The company's next dividend payment will be JP¥90.00 per share, on the back of last year when the company paid a total of JP¥165 to shareholders. Calculating the last year's worth of payments shows that Cosmo Energy Holdings has a trailing yield of 3.6% on the current share price of JP¥4603.00. Dividends are an important source of income to many shareholders, but the health of the business is crucial to maintaining those dividends. As a result, readers should always check whether Cosmo Energy Holdings has been able to grow its dividends, or if the dividend might be cut.
Dividends are typically paid from company earnings. If a company pays more in dividends than it earned in profit, then the dividend could be unsustainable. Cosmo Energy Holdings paid out 55% of its earnings to investors last year, a normal payout level for most businesses. Yet cash flow is typically more important than profit for assessing dividend sustainability, so we should always check if the company generated enough cash to afford its dividend. Luckily it paid out just 17% of its free cash flow last year.
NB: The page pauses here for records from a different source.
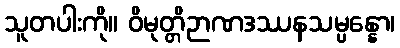
သူတပါးကို။ ဝိမုတ္တိဉာဏဒဿနသမ္ပန္နော၊
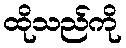
ထိုသည်ကို
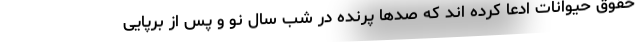
حقوق حیوانات ادعا کرده اند که صدها پرنده در شب سال نو و پس از برپایی
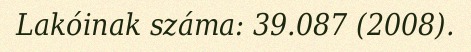
Lakóinak száma: 39.087 (2008).
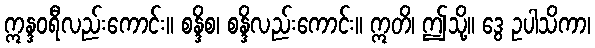
ဣန္ဒဝရီလည်းကောင်း။ စန္ဒိစ၊ စန္ဒိလည်းကောင်း။ ဣတိ၊ ဤသို့။ ဒွေ ဥပါသိကာ၊
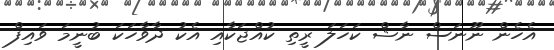
އެހެން ނޫނަސް ނާޝް ކަހަލަ ރީތި ކުއްޖަކާއި އެކު ދާވާހަކަ ބުނީމަ ވައިފް
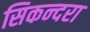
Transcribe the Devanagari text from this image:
सिकन्‍दरा
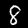
Label: 8
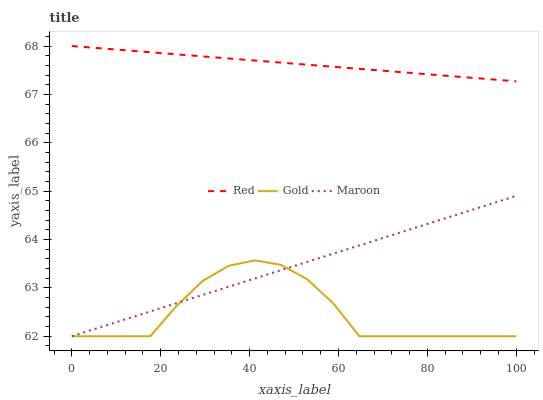
| xaxis_label | Red | Gold | Maroon |
 | --- | --- | --- | --- |
 | 0 | 68 | 62 | 62 |
 | 5.88 | 68 | 62 | 62.2 |
 | 11.8 | 67.9 | 62 | 62.3 |
 | 17.6 | 67.9 | 62 | 62.5 |
 | 23.5 | 67.8 | 62.6 | 62.7 |
 | 29.4 | 67.8 | 63.1 | 62.9 |
 | 35.3 | 67.7 | 63.5 | 63 |
 | 41.2 | 67.7 | 63.6 | 63.2 |
 | 47.1 | 67.7 | 63.5 | 63.4 |
 | 52.9 | 67.6 | 63.2 | 63.5 |
 | 58.8 | 67.6 | 62.7 | 63.7 |
 | 64.7 | 67.5 | 62 | 63.9 |
 | 70.6 | 67.5 | 62 | 64 |
 | 76.5 | 67.4 | 62 | 64.2 |
 | 82.4 | 67.4 | 62 | 64.4 |
 | 88.2 | 67.4 | 62 | 64.6 |
 | 94.1 | 67.3 | 62 | 64.7 |
 | 100 | 67.3 | 62 | 64.9 |
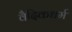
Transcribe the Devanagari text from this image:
वैदिकधर्म
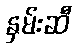
နှမ်းဆီ
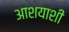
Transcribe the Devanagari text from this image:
आशयाशी
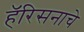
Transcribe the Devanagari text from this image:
हॅरिसनाचे
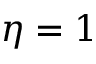
\eta = 1
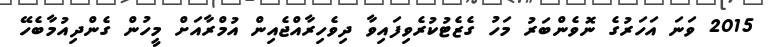
2015 ވަނަ އަހަރުގެ ނޮވެންބަރު މަހު ގެޒެޓުކުރެވިފައިވާ ދިވެހިރާއްޖެއިން އުމްރާއަށް މީހުން ގެންދިއުމާބެހޭ
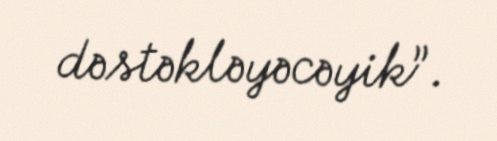
dəstəkləyəcəyik”.
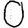
Digit: 0
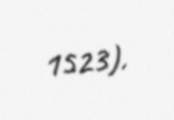
1523).
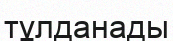
тұлданады
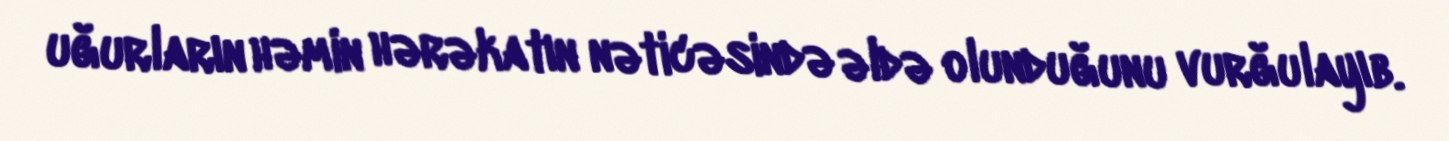
uğurların həmin hərəkatın nəticəsində əldə olunduğunu vurğulayıb.
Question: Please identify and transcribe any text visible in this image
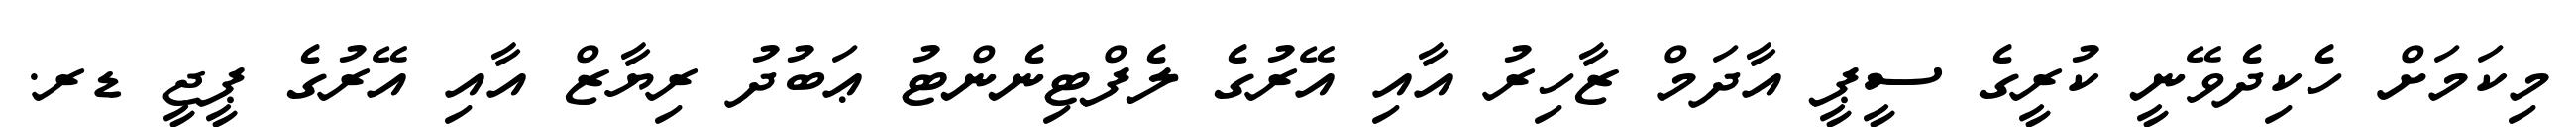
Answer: މިކަމަށް ހެކިދެވޭނީ ކުރީގެ ސީޕީ އާދަމް ޒާހިރު އާއި އޭރުގެ ލެފްޓިނެންޓު ޢަބުދު ރިޔާޒް އާއި އޭރުގެ ޕީޖީ ޑރ.
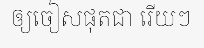
ឲ្យចៀសផុតជា រើយៗ
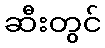
ဆီးတွင်
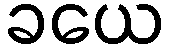
ခယေ
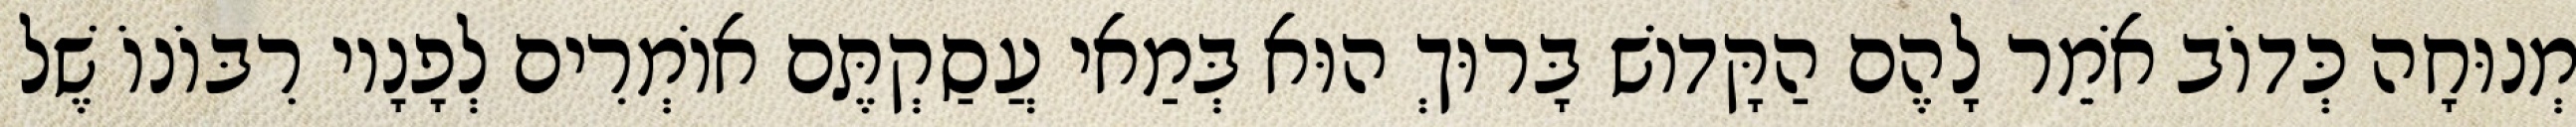
מְנוּחָה כְּדוֹב אֹמֵר לָהֶם הַקָּדוֹשׁ בָּרוּךְ הוּא בְּמַאי עֲסַקְתֶּם אוֹמְרִים לְפָנָיו רִבּוֹנוֹ שֶׁל
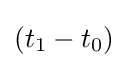
(t_{1}-t_{0})
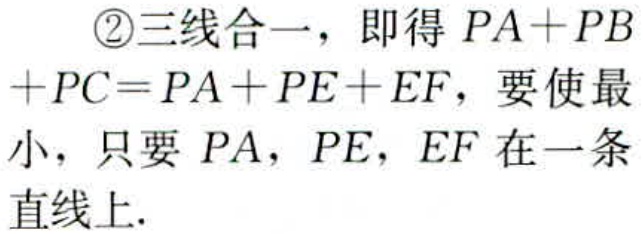
\textcircled{2}三线合一，即得 \(PA + PB+PC = PA + PE + EF\)，要使最小，只要 \(PA\)，\(PE\)，\(EF\) 在一条直线上.
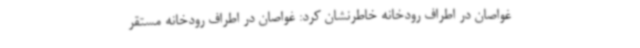
غواصان در اطراف رودخانه خاطرنشان کرد: غواصان در اطراف رودخانه مستقر
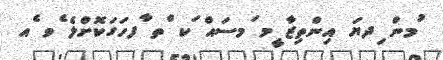
ުމން ިދޔަ އިންތިޒާ ީމ ަމސައް ަކ ްތ ާފހަގަކޮށްލެ ެވ ެއ
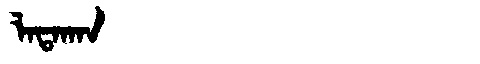
Manchu: ᠯᠠᡨᠠᡴᠠᠨ
Romanization: LATAKAN
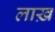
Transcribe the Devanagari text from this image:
लाख़
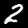
Digit: 2
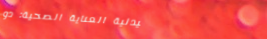
صيدلية العناية الصحية: دو
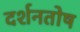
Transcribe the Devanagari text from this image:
दर्शनतोष
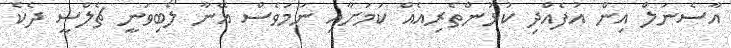
އާސެނަލް އިން އުފެއްދި ކުޅުންތެރިއެއް ކަމަށާއި ނަމަވެސް އޭނާ ލޯބިވަނީ ޗެލްސީ ދެކެ
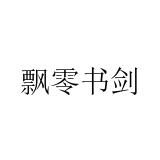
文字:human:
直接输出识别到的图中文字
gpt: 飘零书剑
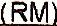
(RM)
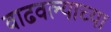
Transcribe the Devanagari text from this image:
वाढवल्याच्या
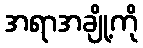
အရာအချို့ကို
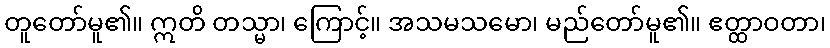
တူတော်မူ၏။ ဣတိ တသ္မာ၊ ကြောင့်။ အသမသမော၊ မည်တော်မူ၏။ ဧတ္ထာဝတာ၊
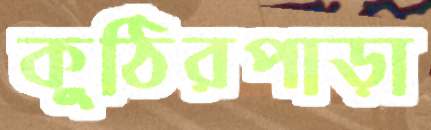
কুঠিরপাড়া
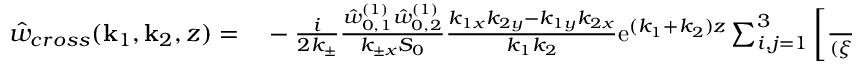
\begin{array} { r l } { \hat { w } _ { c r o s s } ( \mathbf { k } _ { 1 } , \mathbf { k } _ { 2 } , z ) = } & { { } - \frac { i } { 2 k _ { \pm } } \frac { \hat { w } _ { 0 , 1 } ^ { ( 1 ) } \hat { w } _ { 0 , 2 } ^ { ( 1 ) } } { k _ { \pm x } S _ { 0 } } \frac { k _ { 1 x } k _ { 2 y } - k _ { 1 y } k _ { 2 x } } { k _ { 1 } k _ { 2 } } \mathrm { e } ^ { ( k _ { 1 } + k _ { 2 } ) z } \sum _ { i , j = 1 } ^ { 3 } \left[ \frac { \pm b _ { i j } } { ( \xi _ { i } - z ) ^ { j - 1 } } \right. } \end{array}
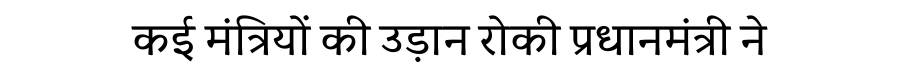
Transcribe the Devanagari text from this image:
कई मंत्रियों की उड़ान रोकी प्रधानमंत्री ने
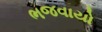
ભજવાયો
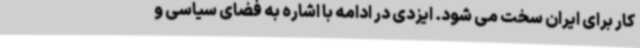
کار برای ایران سخت می شود. ایزدی در ادامه با اشاره به فضای سیاسی و
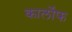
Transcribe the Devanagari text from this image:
कार्लोफ
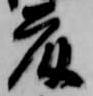
藤
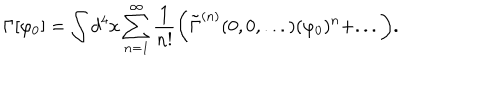
LaTeX: \Gamma [ \varphi _ { 0 } ] = \int d ^ { 4 } x \sum _ { n = 1 } ^ { \infty } \frac { 1 } { n ! } \biggr ( \tilde { \Gamma } ^ { ( n ) } ( 0 , 0 , . . . ) ( \varphi _ { 0 } ) ^ { n } + . . . \biggr ) .
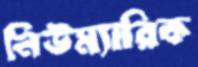
নিউম্যারিক
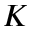
K
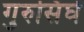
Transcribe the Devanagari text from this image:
गुरुसिंघे
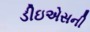
ડીઇએસની
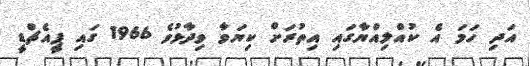
އަދި ހަމަ އެ ކުއްލިއްޔާގައި އިތުރަށް ކިޔަވާ ވިދާޅުވެ 1966 ގައި ޕީއެޗްޑީ
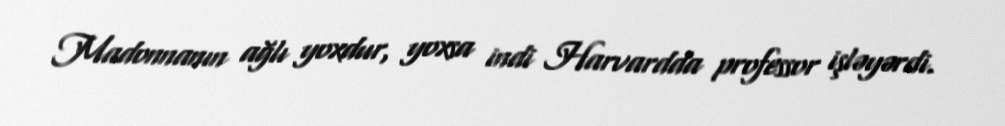
Madonnanın ağlı yoxdur, yoxsa indi Harvardda professor işləyərdi.
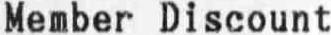
MEMBER DISCOUNT
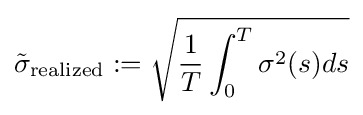
{\tilde {\sigma }}_{\text{realized}}:={\sqrt {{\frac {1}{T}}\int _{0}^{T}\sigma ^{2}(s)ds}}
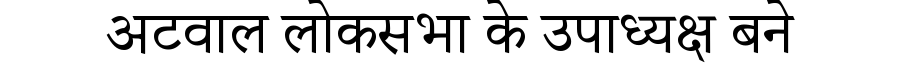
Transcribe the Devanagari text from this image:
अटवाल लोकसभा के उपाध्यक्ष बने
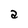
Character: a
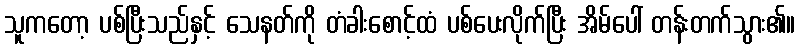
သူကတော့ ပစ်ပြီးသည်နှင့် သေနတ်ကို တံခါးစောင့်ထံ ပစ်ပေးလိုက်ပြီး အိမ်ပေါ် တန်းတက်သွား၏။
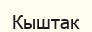
Кыштак
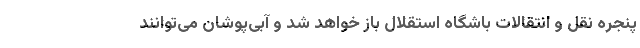
پنجره نقل و انتقالات باشگاه استقلال باز خواهد شد و آبی‌پوشان می‌توانند
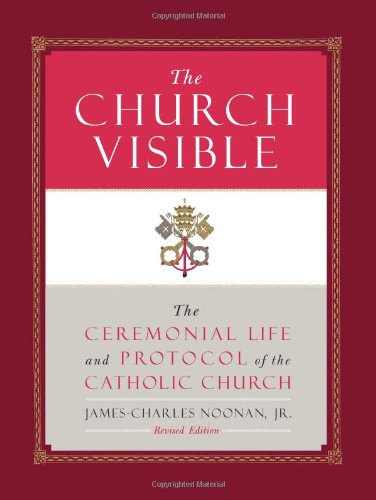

It's encouraging to see that the dividend is covered by both profit and cash flow. This generally suggests the dividend is sustainable, as long as earnings don't drop precipitously.
Check out our latest analysis for Cosmo Energy Holdings
Click here to see the company's payout ratio, plus analyst estimates of its future dividends.
When earnings decline, dividend companies become much harder to analyse and own safely. If earnings fall far enough, the company could be forced to cut its dividend. Cosmo Energy Holdings's earnings per share have fallen at approximately 16% a year over the previous five years. Such a sharp decline casts doubt on the future sustainability of the dividend.
Many investors will assess a company's dividend performance by evaluating how much the dividend payments have changed over time. Cosmo Energy Holdings has delivered an average of 23% per year annual increase in its dividend, based on the past 10 years of dividend payments. That's interesting, but the combination of a growing dividend despite declining earnings can typically only be achieved by paying out more of the company's profits. This can be valuable for shareholders, but it can't go on forever.
From a dividend perspective, should investors buy or avoid Cosmo Energy Holdings? We're not enthused by the declining earnings per share, although at least the company's payout ratio is within a reasonable range, meaning it may not be at imminent risk of a dividend cut. In summary, it's hard to get excited about Cosmo Energy Holdings from a dividend perspective.
If you want to look further into Cosmo Energy Holdings, it's worth knowing the risks this business faces. Every company has risks, and we've spotted 2 warning signs for Cosmo Energy Holdings you should know about.
Generally, we wouldn't recommend just buying the first dividend stock you see. Here's a curated list of interesting stocks that are strong dividend payers.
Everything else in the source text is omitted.